# Workflow for genomic data visualization using PyGenomeTrack
# Part 1: Data Preparation

***
>This notebook contains a procedure to prepare the sequencing data and to create the region plots. 
The workflow describes the tools to convert the files into the formats: BED6, BED12, BAM, and BIGWIG. Additionally, we formed the helper functions to create .ini files from scratch.

> The [PyGenomeTrack](https://github.com/deeptools/pyGenomeTracks) aims to produce high-quality genome browser tracks.

> The main steps:
    0. Installation of requirements.
    1. Prepare your .gff3 files.
    2. Convert .gff3 into .bed6.
    3. Convert .gff3 into .bed12.
    4. Make .bigwig file from BAM/SAM format.
    5. Prepare the .ini files - from scrach or by edition of the example file.
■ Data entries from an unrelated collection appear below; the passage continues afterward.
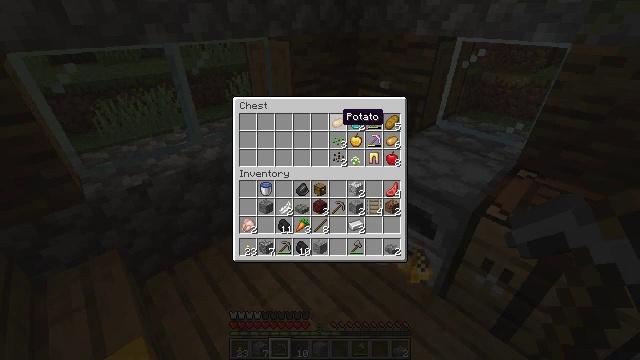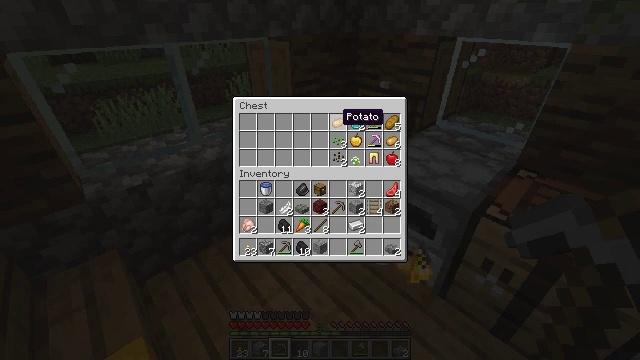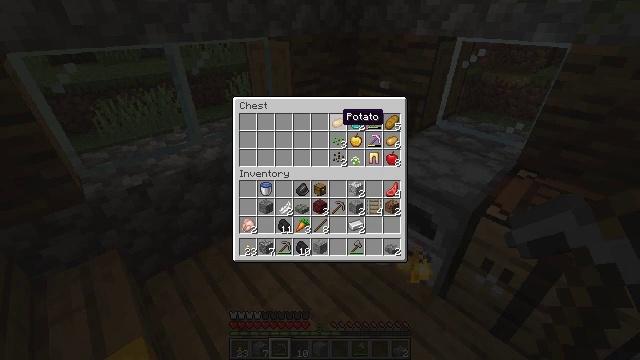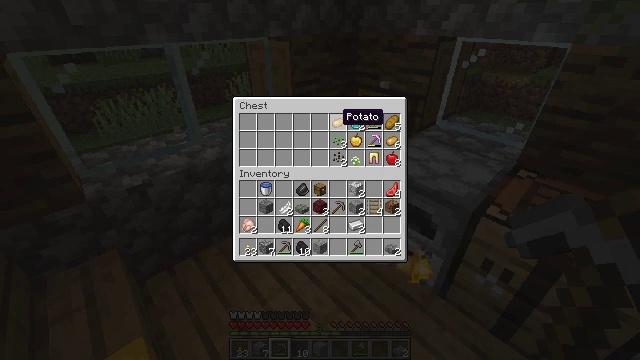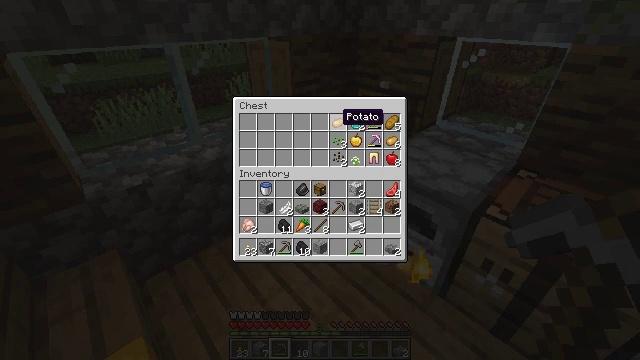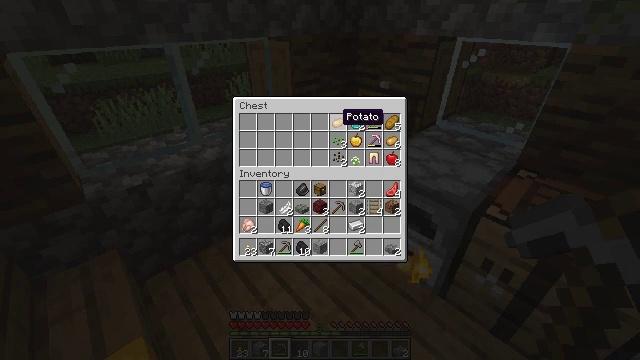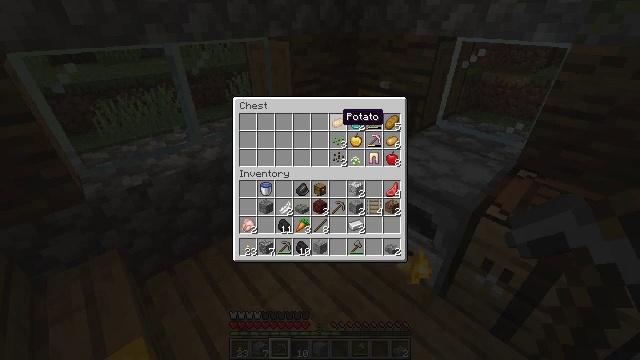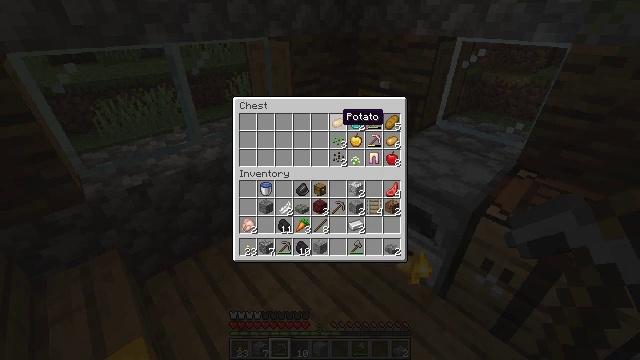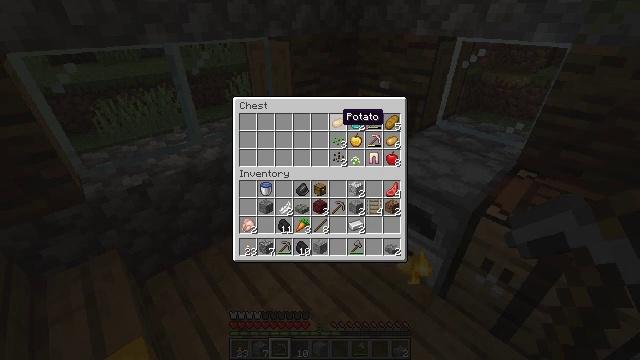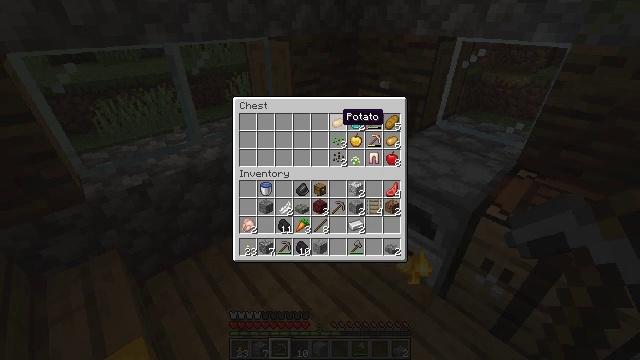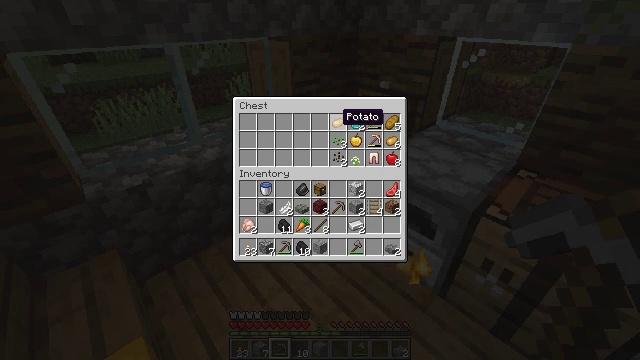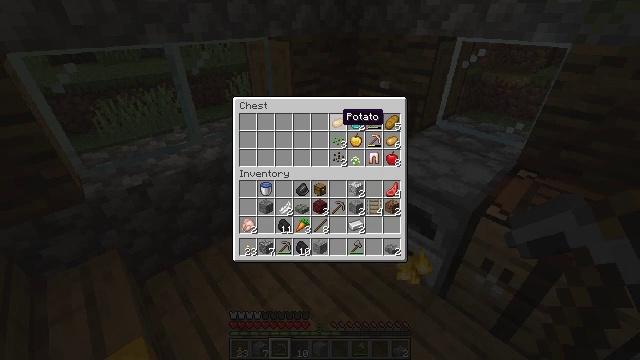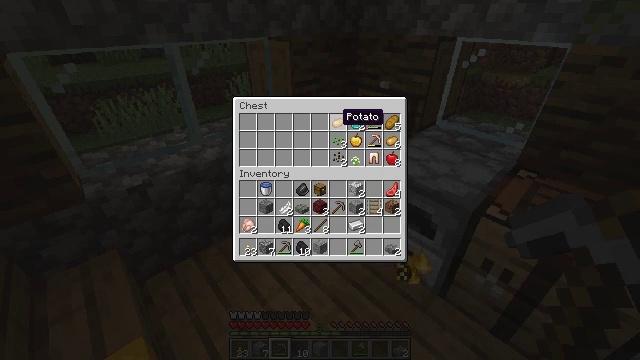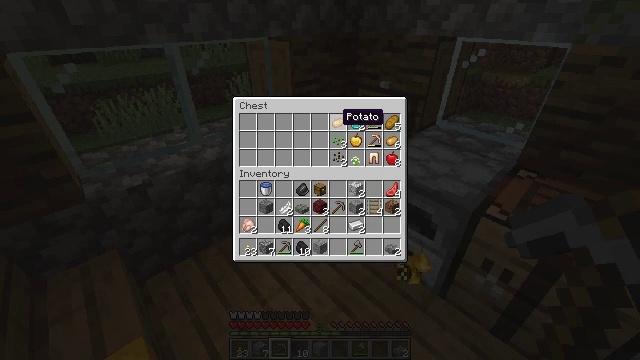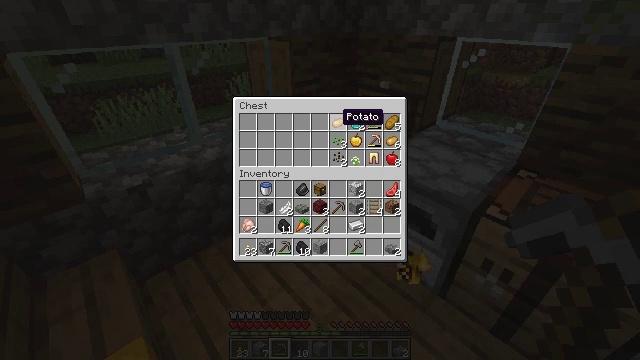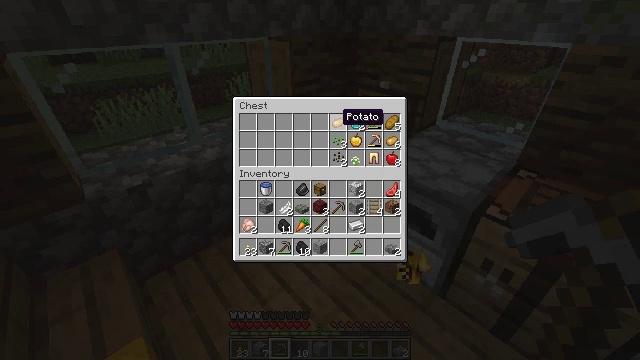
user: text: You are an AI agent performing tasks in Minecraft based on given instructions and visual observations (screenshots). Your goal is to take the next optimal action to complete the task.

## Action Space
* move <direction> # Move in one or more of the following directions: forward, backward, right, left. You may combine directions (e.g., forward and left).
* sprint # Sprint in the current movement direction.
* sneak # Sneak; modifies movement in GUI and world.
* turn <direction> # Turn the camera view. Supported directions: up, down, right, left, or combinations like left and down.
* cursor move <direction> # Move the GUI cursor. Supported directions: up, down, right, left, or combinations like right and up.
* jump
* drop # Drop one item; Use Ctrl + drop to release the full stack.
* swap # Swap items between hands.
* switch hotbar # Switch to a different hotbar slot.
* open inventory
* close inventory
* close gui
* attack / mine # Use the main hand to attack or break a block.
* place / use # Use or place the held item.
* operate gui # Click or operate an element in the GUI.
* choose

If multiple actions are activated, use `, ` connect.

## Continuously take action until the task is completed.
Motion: motion action
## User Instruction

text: Collect carrots by breaking the crop.
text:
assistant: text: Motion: no_op
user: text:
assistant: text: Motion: no_op
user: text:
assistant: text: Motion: no_op
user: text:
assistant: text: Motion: no_op
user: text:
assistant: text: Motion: no_op
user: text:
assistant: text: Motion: no_op
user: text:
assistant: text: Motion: no_op
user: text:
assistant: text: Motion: no_op
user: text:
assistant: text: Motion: no_op
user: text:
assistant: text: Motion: no_op
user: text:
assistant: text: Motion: no_op
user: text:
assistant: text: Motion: no_op
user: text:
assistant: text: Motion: no_op
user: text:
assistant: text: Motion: no_op
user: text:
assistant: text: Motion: no_op
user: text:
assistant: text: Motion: no_op
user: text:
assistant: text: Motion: no_op
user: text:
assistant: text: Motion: no_op
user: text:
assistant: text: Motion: no_op
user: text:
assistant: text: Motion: no_op
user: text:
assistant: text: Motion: no_op
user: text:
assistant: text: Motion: no_op
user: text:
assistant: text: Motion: no_op
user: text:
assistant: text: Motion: no_op
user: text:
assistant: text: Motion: no_op
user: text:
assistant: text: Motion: no_op
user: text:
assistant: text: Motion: no_op
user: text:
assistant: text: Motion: no_op
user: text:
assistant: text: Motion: no_op
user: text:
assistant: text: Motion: no_op

> __HINT:__ Exclamation mark (!) at the beginning of line allows to use bash commands from the jupyter notebook.
***

***
### Types of file formats used in this Notebook:
* [GFF3](https://www.ensembl.org/info/website/upload/gff3.html) - General Feature Format Version 3
* [BED6/BED12](https://genome.ucsc.edu/FAQ/FAQformat.html#format1) - Browser Extensible Data
* The [BIGWIG](https://genome.ucsc.edu/goldenPath/help/bigWig.html) format is useful for dense, continuous data that will be displayed in the Genome Browser as a graph.
* The __INI__ file format is an informal standard for configuration files.
* [SAM](https://samtools.github.io/hts-specs/SAMv1.pdf) - Sequence Alignment Map
* [BAM](https://genome.ucsc.edu/goldenPath/help/bam.html) is the compressed binary version of the Sequence Alignment/Map (SAM) format, a compact and index-able representation of nucleotide sequence alignment.
* [genePred](http://genome.ucsc.edu/FAQ/FAQformat#format9) is a table format commonly used for gene prediction tracks in the Genome Browser.
***

## 0. Installation of requirements

### A) Installation from file 'requirements.txt' using "pip install"
> __HINT:__ We recommend to install the requirements in a virtual environment to avoid inconsistencies in the local environment.

In [5]:
!pip install -r requirements.txt 





### B)   Following tools couldn't be installed with "pip install". Install it in a different way, e.g., with bioconda.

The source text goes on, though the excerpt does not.